# Instructions for the task:
Set down exactly the lines of the records from the top to the line containing "about 10 degrees."; include both.

# Dataset excerpts:
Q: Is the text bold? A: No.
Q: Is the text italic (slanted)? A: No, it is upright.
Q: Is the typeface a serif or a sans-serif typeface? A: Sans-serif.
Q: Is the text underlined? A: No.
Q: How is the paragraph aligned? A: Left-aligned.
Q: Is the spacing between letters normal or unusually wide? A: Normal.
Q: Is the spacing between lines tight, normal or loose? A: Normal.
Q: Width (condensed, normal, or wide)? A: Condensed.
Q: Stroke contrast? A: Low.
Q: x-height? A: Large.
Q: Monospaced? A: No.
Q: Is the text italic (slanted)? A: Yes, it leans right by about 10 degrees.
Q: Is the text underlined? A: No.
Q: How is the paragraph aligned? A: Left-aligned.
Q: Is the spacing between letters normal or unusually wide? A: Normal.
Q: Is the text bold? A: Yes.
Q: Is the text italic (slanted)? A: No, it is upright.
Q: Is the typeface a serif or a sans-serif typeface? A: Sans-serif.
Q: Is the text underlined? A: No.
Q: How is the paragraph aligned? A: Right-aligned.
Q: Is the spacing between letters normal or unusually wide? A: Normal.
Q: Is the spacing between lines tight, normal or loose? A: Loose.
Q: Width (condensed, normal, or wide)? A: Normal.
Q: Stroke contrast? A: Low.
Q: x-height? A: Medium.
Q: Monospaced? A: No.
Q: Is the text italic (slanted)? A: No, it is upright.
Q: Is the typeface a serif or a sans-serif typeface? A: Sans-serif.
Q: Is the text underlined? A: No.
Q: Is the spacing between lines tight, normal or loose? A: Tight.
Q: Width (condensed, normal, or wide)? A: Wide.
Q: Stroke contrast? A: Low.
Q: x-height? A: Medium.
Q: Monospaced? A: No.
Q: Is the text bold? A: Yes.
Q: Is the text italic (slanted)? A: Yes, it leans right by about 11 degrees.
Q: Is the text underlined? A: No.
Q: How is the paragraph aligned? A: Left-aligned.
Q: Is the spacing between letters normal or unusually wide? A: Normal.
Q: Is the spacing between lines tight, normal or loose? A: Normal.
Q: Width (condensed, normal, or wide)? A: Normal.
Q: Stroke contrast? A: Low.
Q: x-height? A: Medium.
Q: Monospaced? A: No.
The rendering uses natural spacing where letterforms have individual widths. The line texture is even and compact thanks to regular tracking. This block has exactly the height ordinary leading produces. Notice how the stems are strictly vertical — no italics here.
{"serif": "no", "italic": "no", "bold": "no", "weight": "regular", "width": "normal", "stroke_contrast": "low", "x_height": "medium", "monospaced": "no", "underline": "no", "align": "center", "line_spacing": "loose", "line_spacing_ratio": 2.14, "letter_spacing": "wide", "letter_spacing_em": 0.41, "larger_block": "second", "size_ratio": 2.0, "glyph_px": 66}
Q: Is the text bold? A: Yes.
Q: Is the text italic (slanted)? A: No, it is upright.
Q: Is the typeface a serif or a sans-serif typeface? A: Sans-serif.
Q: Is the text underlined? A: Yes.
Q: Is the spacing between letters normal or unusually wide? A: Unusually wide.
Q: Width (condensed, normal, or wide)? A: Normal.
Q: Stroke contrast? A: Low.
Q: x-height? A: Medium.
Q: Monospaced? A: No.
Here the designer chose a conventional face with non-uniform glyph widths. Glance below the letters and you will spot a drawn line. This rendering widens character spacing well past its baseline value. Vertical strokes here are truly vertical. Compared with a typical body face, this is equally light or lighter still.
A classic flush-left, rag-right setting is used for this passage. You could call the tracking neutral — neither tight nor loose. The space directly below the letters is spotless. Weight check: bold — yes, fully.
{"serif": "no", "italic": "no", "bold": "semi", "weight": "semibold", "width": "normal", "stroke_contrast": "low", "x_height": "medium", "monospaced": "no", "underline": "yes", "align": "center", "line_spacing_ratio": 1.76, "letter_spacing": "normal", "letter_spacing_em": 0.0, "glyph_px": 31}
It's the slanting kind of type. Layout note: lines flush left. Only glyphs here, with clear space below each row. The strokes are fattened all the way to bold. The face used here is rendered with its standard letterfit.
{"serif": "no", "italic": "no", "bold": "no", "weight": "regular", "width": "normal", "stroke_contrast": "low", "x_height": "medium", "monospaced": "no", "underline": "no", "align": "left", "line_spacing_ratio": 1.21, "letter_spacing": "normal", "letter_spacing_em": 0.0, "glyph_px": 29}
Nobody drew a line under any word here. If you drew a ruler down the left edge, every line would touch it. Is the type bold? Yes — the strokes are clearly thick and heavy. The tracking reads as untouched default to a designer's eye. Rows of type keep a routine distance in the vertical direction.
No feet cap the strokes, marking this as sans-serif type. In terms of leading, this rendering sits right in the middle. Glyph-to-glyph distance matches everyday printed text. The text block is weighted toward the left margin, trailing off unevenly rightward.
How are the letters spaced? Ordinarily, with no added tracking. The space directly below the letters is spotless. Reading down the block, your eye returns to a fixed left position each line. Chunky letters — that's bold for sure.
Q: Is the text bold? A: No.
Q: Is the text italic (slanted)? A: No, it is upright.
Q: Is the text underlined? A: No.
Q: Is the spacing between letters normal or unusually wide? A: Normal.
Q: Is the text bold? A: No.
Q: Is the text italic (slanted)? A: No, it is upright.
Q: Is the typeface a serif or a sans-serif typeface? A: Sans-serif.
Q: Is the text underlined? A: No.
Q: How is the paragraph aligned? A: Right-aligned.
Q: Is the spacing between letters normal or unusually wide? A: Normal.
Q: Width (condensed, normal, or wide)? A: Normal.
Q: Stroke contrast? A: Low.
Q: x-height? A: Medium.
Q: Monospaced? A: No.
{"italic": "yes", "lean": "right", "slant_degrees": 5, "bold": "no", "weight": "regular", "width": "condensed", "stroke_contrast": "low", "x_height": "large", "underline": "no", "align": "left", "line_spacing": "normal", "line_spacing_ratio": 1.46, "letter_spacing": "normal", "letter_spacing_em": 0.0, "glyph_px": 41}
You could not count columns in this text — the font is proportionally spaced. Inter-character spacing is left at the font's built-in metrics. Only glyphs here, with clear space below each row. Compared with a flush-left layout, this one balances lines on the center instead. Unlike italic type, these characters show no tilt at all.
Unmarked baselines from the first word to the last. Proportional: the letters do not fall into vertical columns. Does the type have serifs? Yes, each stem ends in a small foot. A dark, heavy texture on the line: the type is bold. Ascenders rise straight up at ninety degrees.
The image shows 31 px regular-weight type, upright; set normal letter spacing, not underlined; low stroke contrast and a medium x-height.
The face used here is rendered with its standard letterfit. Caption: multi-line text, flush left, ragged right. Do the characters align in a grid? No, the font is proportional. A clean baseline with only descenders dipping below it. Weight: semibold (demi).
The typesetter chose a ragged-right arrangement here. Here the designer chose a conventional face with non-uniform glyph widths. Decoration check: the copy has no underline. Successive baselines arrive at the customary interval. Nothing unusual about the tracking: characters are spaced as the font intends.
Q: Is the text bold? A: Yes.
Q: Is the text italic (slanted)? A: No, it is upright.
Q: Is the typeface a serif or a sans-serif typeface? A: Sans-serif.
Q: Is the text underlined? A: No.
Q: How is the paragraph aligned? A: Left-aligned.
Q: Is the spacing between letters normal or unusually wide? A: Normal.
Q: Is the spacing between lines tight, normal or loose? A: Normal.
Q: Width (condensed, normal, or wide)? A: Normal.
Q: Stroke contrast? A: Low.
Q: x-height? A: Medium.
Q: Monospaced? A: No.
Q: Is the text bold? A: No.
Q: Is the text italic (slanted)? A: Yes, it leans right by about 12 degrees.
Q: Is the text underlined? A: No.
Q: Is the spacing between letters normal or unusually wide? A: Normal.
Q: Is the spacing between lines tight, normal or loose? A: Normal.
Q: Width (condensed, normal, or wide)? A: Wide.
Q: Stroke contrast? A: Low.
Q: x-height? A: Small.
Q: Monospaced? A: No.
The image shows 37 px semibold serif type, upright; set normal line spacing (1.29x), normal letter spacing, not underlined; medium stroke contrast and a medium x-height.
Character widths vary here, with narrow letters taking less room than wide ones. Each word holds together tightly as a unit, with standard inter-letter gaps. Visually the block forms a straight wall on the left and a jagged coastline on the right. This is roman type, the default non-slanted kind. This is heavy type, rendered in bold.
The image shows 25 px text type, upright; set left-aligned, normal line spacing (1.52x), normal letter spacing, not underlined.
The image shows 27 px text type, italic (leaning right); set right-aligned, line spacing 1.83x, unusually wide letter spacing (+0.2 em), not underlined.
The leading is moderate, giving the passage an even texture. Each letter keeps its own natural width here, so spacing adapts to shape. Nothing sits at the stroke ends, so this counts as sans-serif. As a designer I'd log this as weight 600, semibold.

# Answer area:
Q: Is the text bold? A: No.
Q: Is the text italic (slanted)? A: No, it is upright.
Q: Is the typeface a serif or a sans-serif typeface? A: Sans-serif.
Q: Is the text underlined? A: No.
Q: How is the paragraph aligned? A: Left-aligned.
Q: Is the spacing between letters normal or unusually wide? A: Normal.
Q: Is the spacing between lines tight, normal or loose? A: Normal.
Q: Width (condensed, normal, or wide)? A: Condensed.
Q: Stroke contrast? A: Low.
Q: x-height? A: Large.
Q: Monospaced? A: No.
Q: Is the text italic (slanted)? A: Yes, it leans right by about 10 degrees.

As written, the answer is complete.